Sunny Pfalzer investigates collective forms of performative research, performance, and ways to apply their nuances, forms, and methods to our lives. Their practice, rooted in bodily expression, collaboration, and protest methodologies, inspires colleagues, friends, and people from other disciplines to understand gatherings, collectivity, and solidarity as forms of resistance and standing together. The video work creates an intimate mental space with a voiceover inviting us to exercise how we can do it better and together. A Plattenbau in the background, a plaid shirt deformed through feminist gestures and mimicry, and the soundtrack designed for the piece are all part of a non-binary, queer and feminist public intervention.

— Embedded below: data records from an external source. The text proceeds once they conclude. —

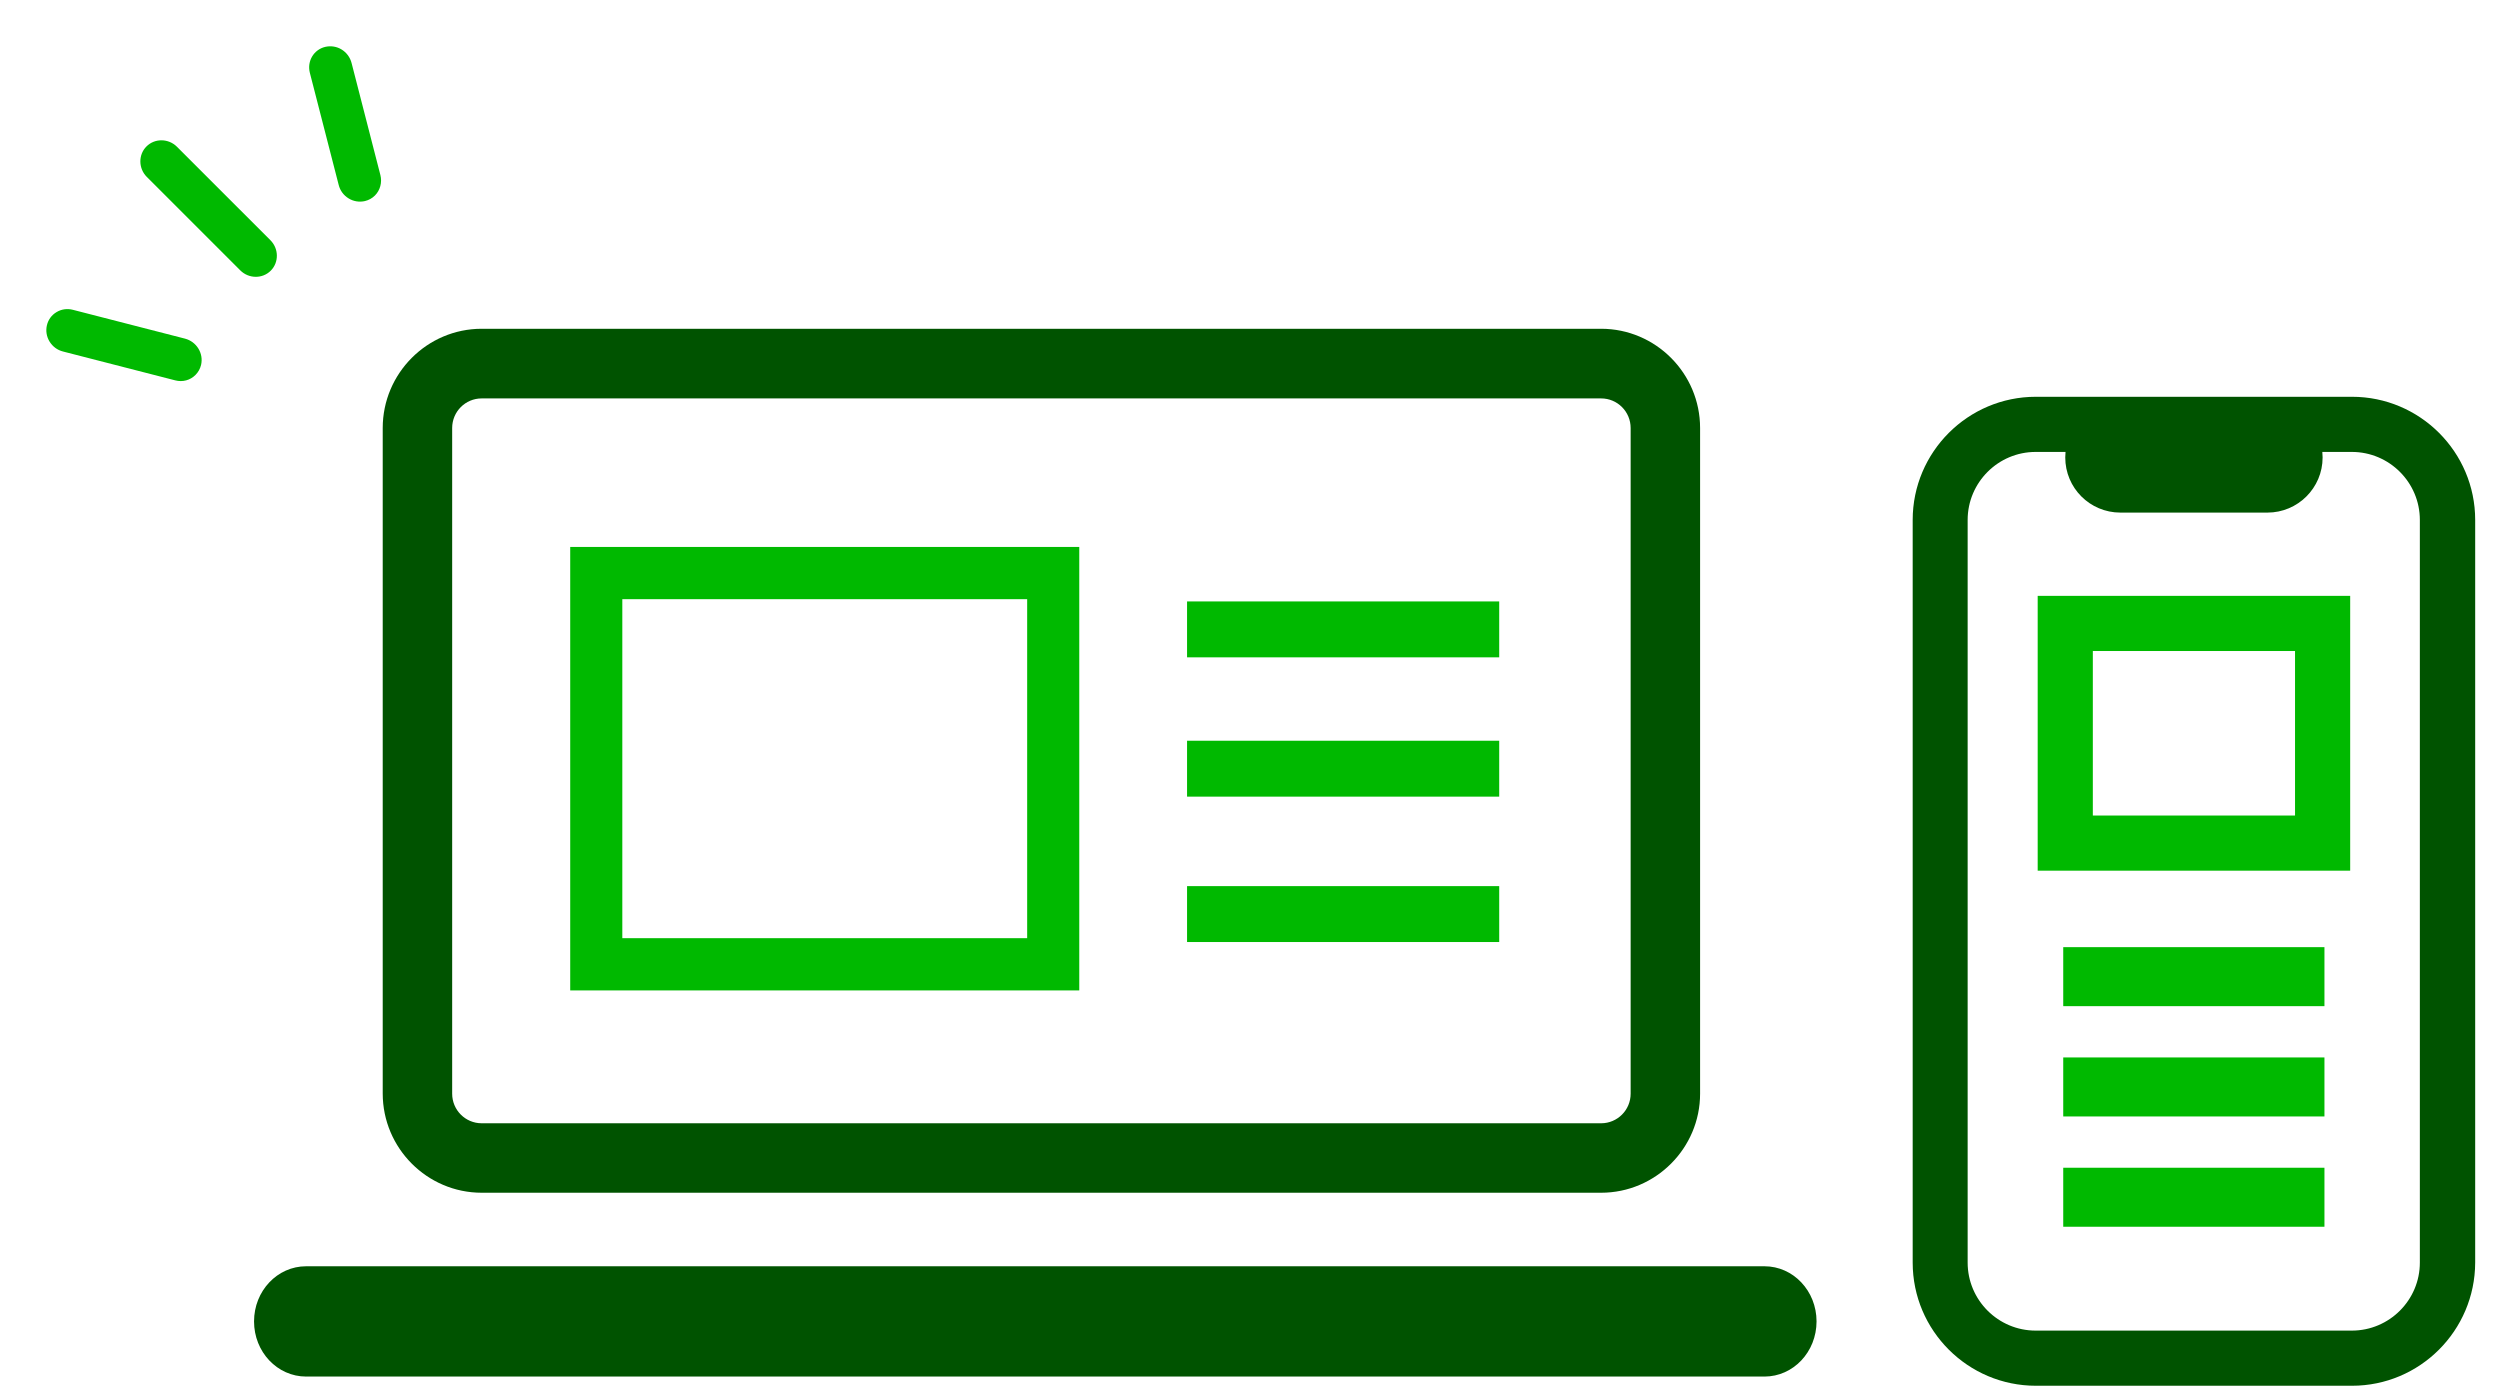 <svg width="136" height="76" viewBox="0 0 136 76" fill="none" xmlns="http://www.w3.org/2000/svg">
<g clip-path="url(#clip0_1121_2359)">
<path d="M126.45 51.525H112.24V54.735H126.45V51.525Z" fill="#00B900"/>
<path d="M126.45 57.525H112.24V60.735H126.45V57.525Z" fill="#00B900"/>
<path d="M126.45 63.525H112.24V66.735H126.45V63.525Z" fill="#00B900"/>
<path d="M127.85 47.365H110.85V32.415H127.85V47.365ZM113.85 44.365H124.85V35.415H113.85V44.365Z" fill="#00B900"/>
<path d="M127.95 75.385H110.75C107.06 75.385 104.05 72.385 104.05 68.685V28.285C104.05 24.595 107.05 21.585 110.75 21.585H127.95C131.64 21.585 134.65 24.585 134.65 28.285V68.685C134.64 72.385 131.64 75.385 127.95 75.385ZM110.74 24.585C108.7 24.585 107.04 26.245 107.04 28.285V68.685C107.04 70.725 108.7 72.385 110.74 72.385H127.94C129.98 72.385 131.64 70.725 131.64 68.685V28.285C131.64 26.245 129.98 24.585 127.94 24.585H110.74Z" fill="#005300"/>
<path d="M123.35 27.885H115.35C113.69 27.885 112.35 26.545 112.35 24.885C112.35 23.225 113.69 21.885 115.35 21.885H123.35C125.01 21.885 126.35 23.225 126.35 24.885C126.35 26.545 125 27.885 123.35 27.885Z" fill="#005300"/>
<path d="M81.557 40.296H64.576V43.337H81.557V40.296Z" fill="#00B900"/>
<path d="M81.557 32.718H64.576V35.759H81.557V32.718Z" fill="#00B900"/>
<path d="M81.557 48.205H64.576V51.246H81.557V48.205Z" fill="#00B900"/>
<path d="M58.712 53.879H31.02V29.754H58.712V53.879ZM33.854 51.037H55.878V32.595H33.854V51.037Z" fill="#00B900"/>
<path d="M87.101 64.885H26.204C23.238 64.885 20.82 62.46 20.82 59.486V23.284C20.82 20.31 23.238 17.885 26.204 17.885H87.101C90.067 17.885 92.485 20.31 92.485 23.284V59.496C92.485 62.46 90.067 64.885 87.101 64.885ZM26.204 21.674C25.316 21.674 24.598 22.394 24.598 23.284V59.496C24.598 60.386 25.316 61.106 26.204 61.106H87.101C87.989 61.106 88.707 60.386 88.707 59.496V23.284C88.707 22.394 87.989 21.674 87.101 21.674H26.204Z" fill="#005300"/>
<path d="M95.987 74.885H16.654C15.086 74.885 13.82 73.545 13.82 71.885C13.82 70.225 15.086 68.885 16.654 68.885H95.987C97.555 68.885 98.82 70.225 98.82 71.885C98.82 73.545 97.555 74.885 95.987 74.885Z" fill="#005300"/>
</g>
<g clip-path="url(#clip1_1121_2359)">
<path d="M3.963 16.853C3.656 16.775 3.344 16.818 3.077 16.978C2.808 17.136 2.623 17.393 2.552 17.694C2.481 18 2.531 18.313 2.697 18.583C2.863 18.853 3.12 19.044 3.427 19.122L9.529 20.691C9.931 20.798 10.345 20.687 10.634 20.397C10.782 20.249 10.888 20.06 10.938 19.853C11.086 19.224 10.694 18.587 10.065 18.422L3.963 16.853Z" fill="#00B900"/>
<path d="M18.586 2.694C18.316 2.528 18 2.481 17.697 2.549C17.068 2.697 16.694 3.328 16.856 3.961L18.425 10.062C18.503 10.37 18.694 10.627 18.964 10.793C19.234 10.959 19.55 11.007 19.853 10.938C20.06 10.888 20.247 10.785 20.397 10.635C20.681 10.35 20.795 9.923 20.694 9.527L19.125 3.425C19.047 3.123 18.856 2.861 18.586 2.694Z" fill="#00B900"/>
<path d="M7.969 7.966C7.517 8.417 7.526 9.164 7.987 9.625L13.07 14.707C13.531 15.169 14.277 15.177 14.728 14.726C15.18 14.275 15.171 13.528 14.71 13.067L9.627 7.985C9.166 7.523 8.42 7.515 7.969 7.966Z" fill="#00B900"/>
</g>
<defs>
<clipPath id="clip0_1121_2359">
<rect width="125.82" height="58.5" fill="white" transform="translate(9.82 16.885)"/>
</clipPath>
<clipPath id="clip1_1121_2359">
<rect width="22.536" height="10.675" fill="white" transform="translate(0 15.935) rotate(-45)"/>
</clipPath>
</defs>
</svg>

Most of us might think this sort of sincerity doesn't exist since Queen's MTV hit "I Want to Break Free" with the late Freddie Mercury's drag appearance or, much later, Spice Girls' "Wannabe," materializing the importance of syncing before the internet took all our attention span and cognitive energy. In Sunny Pfalzer's world, viewers are invited to engage physically with the sculptures, transforming the installation into a space of rest, play, and connection. At the heart of Pfalzer's practice are friendship and ethical collaboration, making the installation a lived, shared experience.

Like Sunny's other works, this video within a specific installation offers a unique perspective on conviviality and collectivity, weaving together a net of glocal beats. Sunny Pfalzer's work not only challenges traditional notions of power but also extends the visibility of queer gestures, by creating spaces for flamboyant mimics and smart flirting gestures. Through stretching our bodies together, and taking care of each other, Sunny Pfalzer successfully proves that soft power is the real power.